Editorial
J Mol Biol & Mol Imaging. 2016; 3(1): 1028.
Imaging AD Pathology and What can be Concluded
Eva Žerovnik1,2,3*
¹Department of Biochemistry and Molecular and Structural Biology, Jožef Stefan Institute, Slovenia
²Jožef Stefan International Postgraduate School, Slovenia
³CipKeBip - Center of Excellence for Integrated Approaches in Chemistry and Biology of Proteins, Slovenia
*Corresponding author: Eva Žerovnik, Department of Biochemistry and Molecular and Structural Biology, Jožef Stefan Institute, Jožef Stefan International Postgraduate School, Slovenia
Received: November 29, 2016; Accepted: December 05, 2016; Published: December 07, 2016
Editorial
The correlation between Alzheimer´s disease (AD) and the occurrence of extracellular amyloid-β (Aβ) plaques remains controversial, however, it is agreed that the plaques are not beneficial for brain’s health [1]. To observe protein aggregation pathology in AD brains several imaging methods have been used, among them positron electron tomography (PET) and multiproton imaging. By PET studies using [18F]2-fluoro-2-deoxyglucose (FDG) a well-defined pattern of glucose hypometabolism in Alzheimer’s disease (AD) was shown [2]. Multiphoton in vivo imaging of transgenic mouse models of AD enabled researches to follow pathological aggregation of proteins and the subsequent neuropil neurodegeneration and recovery after therapeutic interventions. It has been concluded that synapse loss, rather than Aβ plaques or tau made neurofibrillary tangles seems more predictive for cognitive decline in AD brain [3].
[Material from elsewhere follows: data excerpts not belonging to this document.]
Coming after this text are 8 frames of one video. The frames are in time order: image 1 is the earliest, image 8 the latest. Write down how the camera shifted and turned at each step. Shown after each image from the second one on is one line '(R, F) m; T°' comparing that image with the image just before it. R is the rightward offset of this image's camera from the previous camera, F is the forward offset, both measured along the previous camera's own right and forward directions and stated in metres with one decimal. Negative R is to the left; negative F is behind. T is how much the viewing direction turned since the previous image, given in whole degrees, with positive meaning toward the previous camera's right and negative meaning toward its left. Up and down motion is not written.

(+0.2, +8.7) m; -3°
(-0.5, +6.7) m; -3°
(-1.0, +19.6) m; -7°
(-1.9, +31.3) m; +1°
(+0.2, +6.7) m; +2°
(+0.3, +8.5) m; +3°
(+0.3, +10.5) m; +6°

To further enlighten this issue, high-Resolution 3D Reconstruction (HR-3D) volumetric imaging was applied [4] comparing Tg19959, wild-type, and Tg19959-YFP mice models of AD as a function of age. Thioflavin S staining and antibodies against Aβ, and other structural and synaptic neuronal proteins were applied to show fibrillar deposits and other pathological features. The volumetric imaging of hippocampus of the AD transgenic mice showed intraneuronal onset of Aβ42 fibrillization within cell bodies, neurites, and synapses before plaque formation. Early fibrillar Aβ could be observed within synaptic compartments. Fibrillar Aβ aggregates could be seen piercing the cell membrane. These data support the notion that Aβ fibrillization leads to disruption of cytoarchitecture and degeneration of spines and neuritis [4].
Recently, not only Aβ aggregates but also hyperphosphoryllated tau aggregates prevention by targeting a critical kinase, has been shown as a way forward towards therapy of AD (paper in Science Reports (Site-specific phosphorylation of tau inhibits amyloid-β toxicity in Alzheimer’s mice: by Ittner a et al.)
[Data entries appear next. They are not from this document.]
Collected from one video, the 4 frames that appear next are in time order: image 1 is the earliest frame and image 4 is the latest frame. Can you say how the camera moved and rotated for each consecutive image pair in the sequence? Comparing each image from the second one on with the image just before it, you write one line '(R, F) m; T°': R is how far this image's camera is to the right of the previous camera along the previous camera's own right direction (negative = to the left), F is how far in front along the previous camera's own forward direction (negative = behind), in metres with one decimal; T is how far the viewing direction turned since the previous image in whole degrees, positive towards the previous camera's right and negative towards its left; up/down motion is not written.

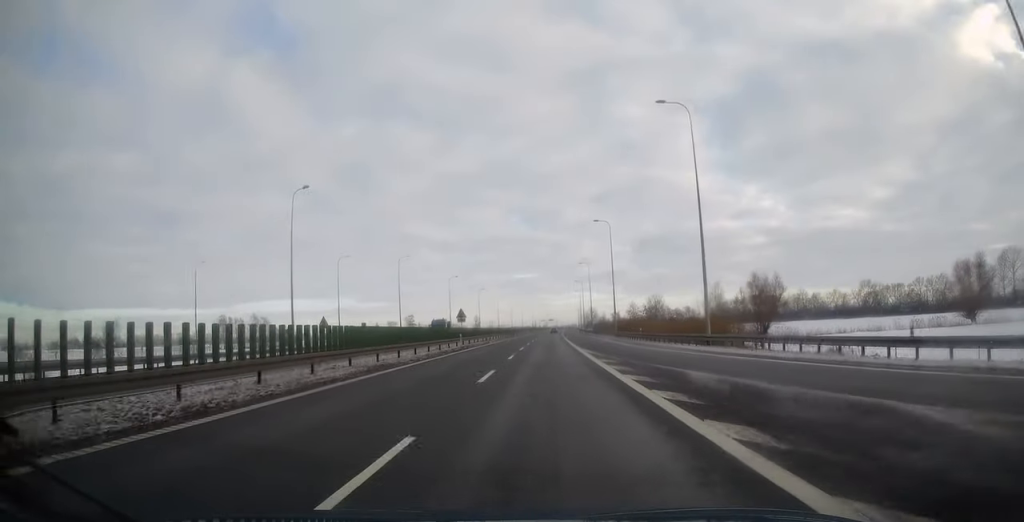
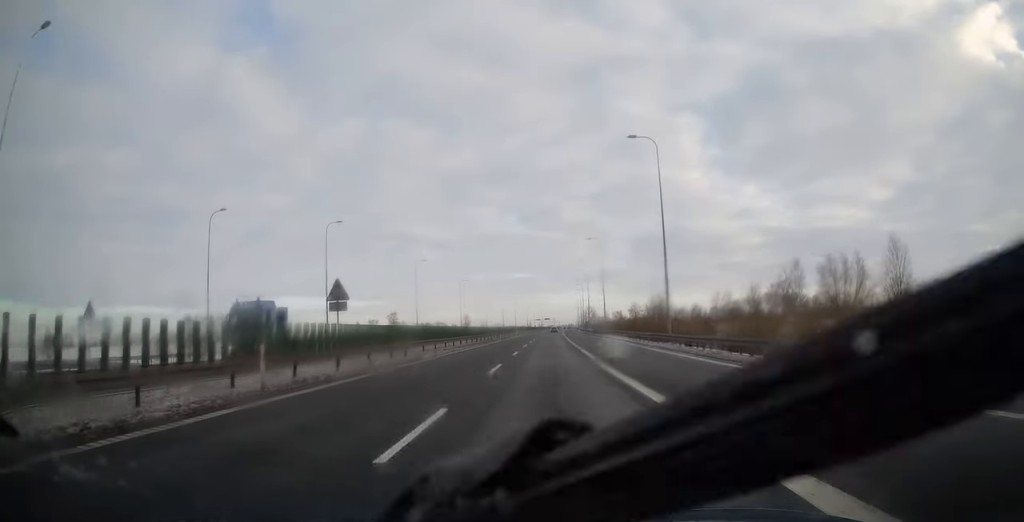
(+0.1, +35.4) m; +1°
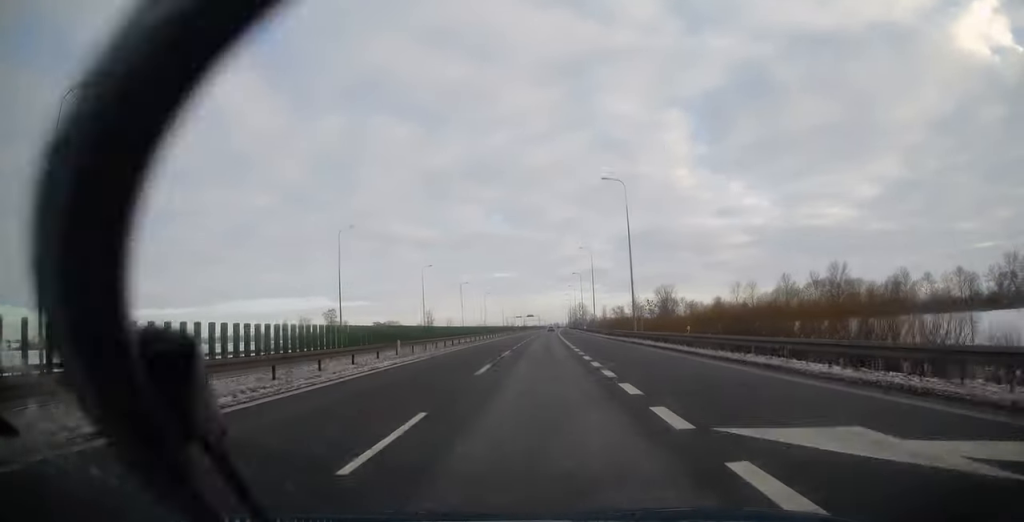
(+1.2, +84.1) m; +1°
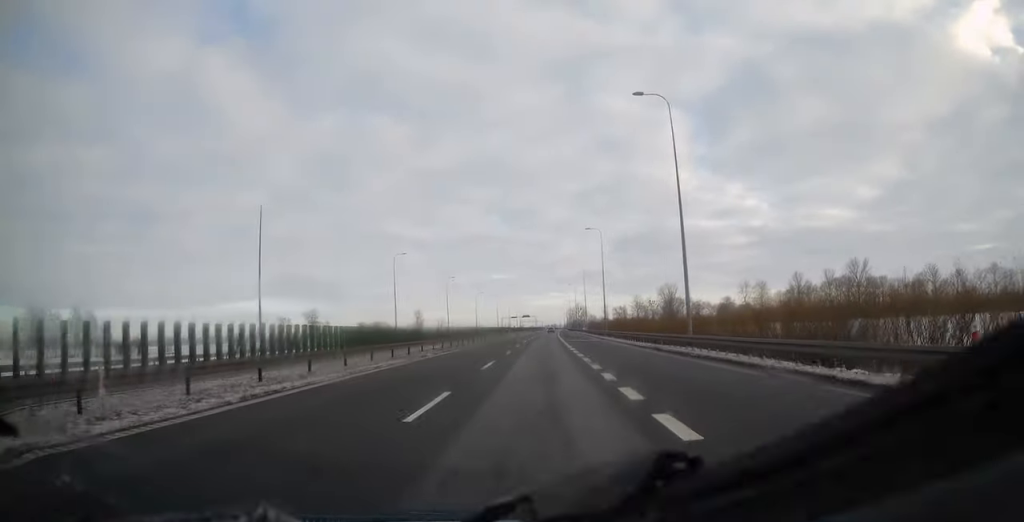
(0.0, +20.3) m; 0°

So, it is likely that both these proteins (Aβ and tau) aggregation should be targeted to stop disease progression.
References
- Glenner GG, Wong CW, Quaranta V & Eanes ED. The amyloid deposits in Alzheimer’s disease: their nature and pathogenesis. Appl Pathol. 1984; 2: 357-369.
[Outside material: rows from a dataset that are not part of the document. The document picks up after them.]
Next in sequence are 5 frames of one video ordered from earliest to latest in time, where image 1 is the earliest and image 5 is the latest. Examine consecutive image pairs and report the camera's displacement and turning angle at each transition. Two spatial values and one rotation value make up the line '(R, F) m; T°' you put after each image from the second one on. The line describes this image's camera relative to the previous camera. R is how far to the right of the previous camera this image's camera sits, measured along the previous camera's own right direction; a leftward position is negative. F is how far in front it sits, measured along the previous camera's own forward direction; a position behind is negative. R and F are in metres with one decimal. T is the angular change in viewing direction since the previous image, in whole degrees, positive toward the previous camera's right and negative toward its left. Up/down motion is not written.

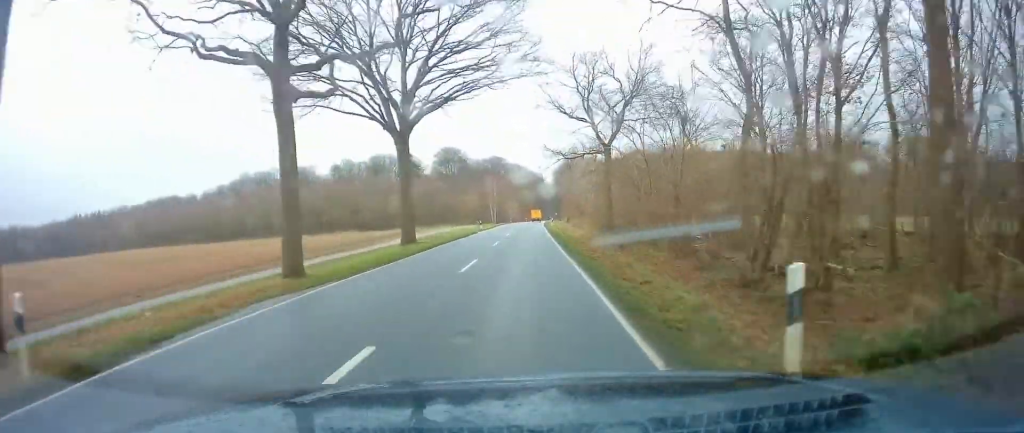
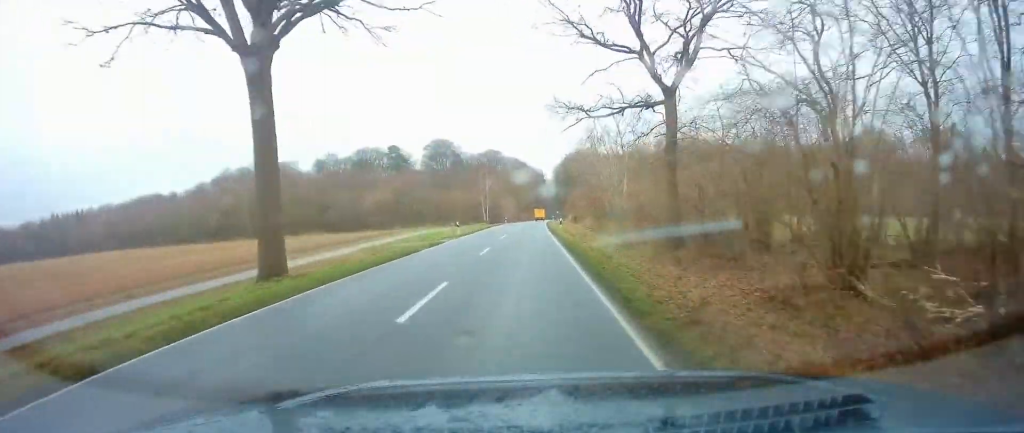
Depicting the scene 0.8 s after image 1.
(+0.2, +18.1) m; -1°
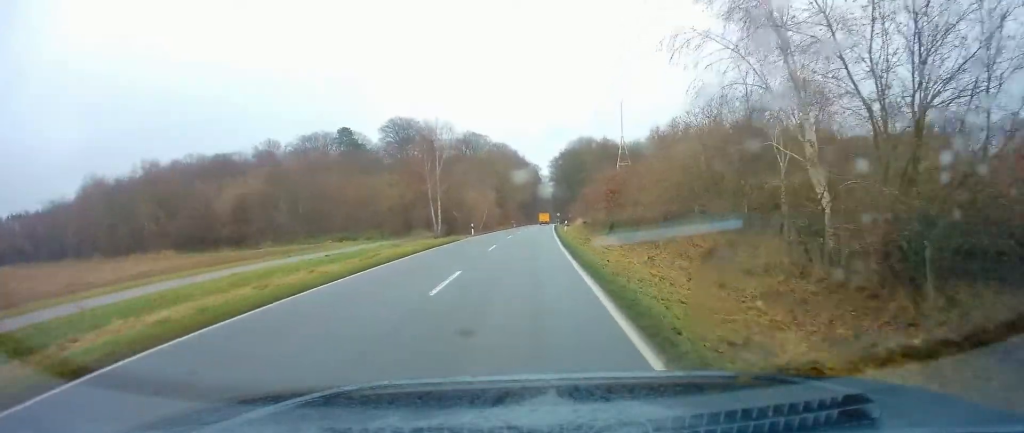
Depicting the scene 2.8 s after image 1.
(+0.1, +43.8) m; +1°
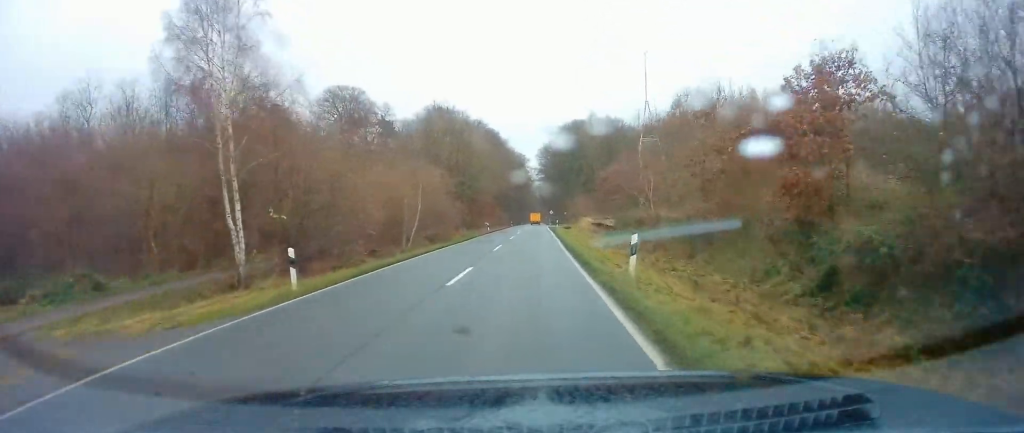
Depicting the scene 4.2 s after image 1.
(+0.1, +33.6) m; +2°
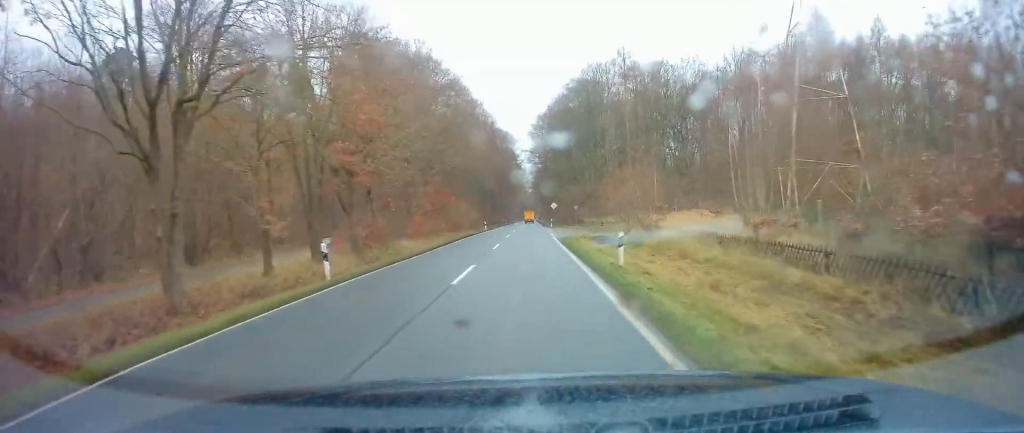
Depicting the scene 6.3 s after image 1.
(+1.3, +47.7) m; +1°

- Carbonell F, et al. beta-Amyloid is associated with aberrant metabolic connectivity in subjects with mild cognitive impairment. J Cerebr Blood F Met. 2014; 34: 1169-1179.
- Kopeikina KJ, et al. Synaptic alterations in the rTg4510 mouse model of tauopathy. J Comp Neurol. 2013; 521: 1334-1353.
- Capetillo-Zarate E, et al. High-Resolution 3D Reconstruction Reveals Intra- Synaptic Amyloid Fibrils. American Journal of Pathology. 2011; 179: 2551- 2558.